Combining rationals and creating a function

otownsend

Hi,

I hope someone can help. I want to know whether there is any rationale behind my textbooks solution for combining rationals to create a function. In all the solutions in question 3 (which I have attached), the rational on the right-side is always brought to the left-side. For example, 3d's textbook solution is f(x) = ((x-2)/(x+3)) - ((x-4)/(x+5)). What I'm wondering is would the solution be just as correct if I were to subtract the left-side from the right-side?
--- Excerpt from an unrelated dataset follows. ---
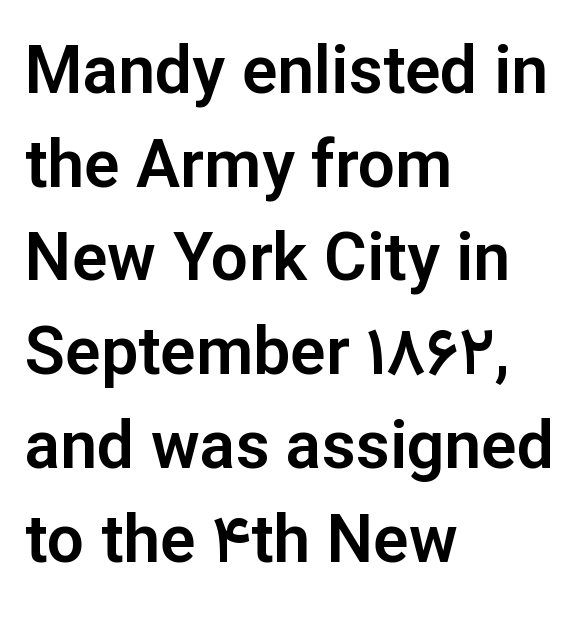
A sans-serif font was chosen for this passage. Characters follow at the spacing the type designer built in. Ascenders rise straight up at ninety degrees. Bare-footed words on every line. This sample is left-justified, so line endings fall wherever the words run out. A normal amount of white space separates one row of letters from the next.

Thereby making 3d's solution f(x) = ((x-4)/(x+5)) - ((x-2)/(x+3)) instead of the textbook solution mentioned.

I know that have the same zeros, but my textbook seems to only consider the solution where the right-side is brought of to the left.

Any ideas on why this is the case? Or does it not matter?

Sincerely,
Olivia

SlipEternal

MHF Helper
Is 5-3 the same as 3-5?

skeeter

MHF Helper
What I'm wondering is would the solution be just as correct if I were to subtract the left-side from the right-side? Thereby making 3d's solution f(x) = ((x-4)/(x+5)) - ((x-2)/(x+3)) instead of the textbook solution mentioned.
The two functions would be opposite in sign, but they would have the same zeros and asymptotes.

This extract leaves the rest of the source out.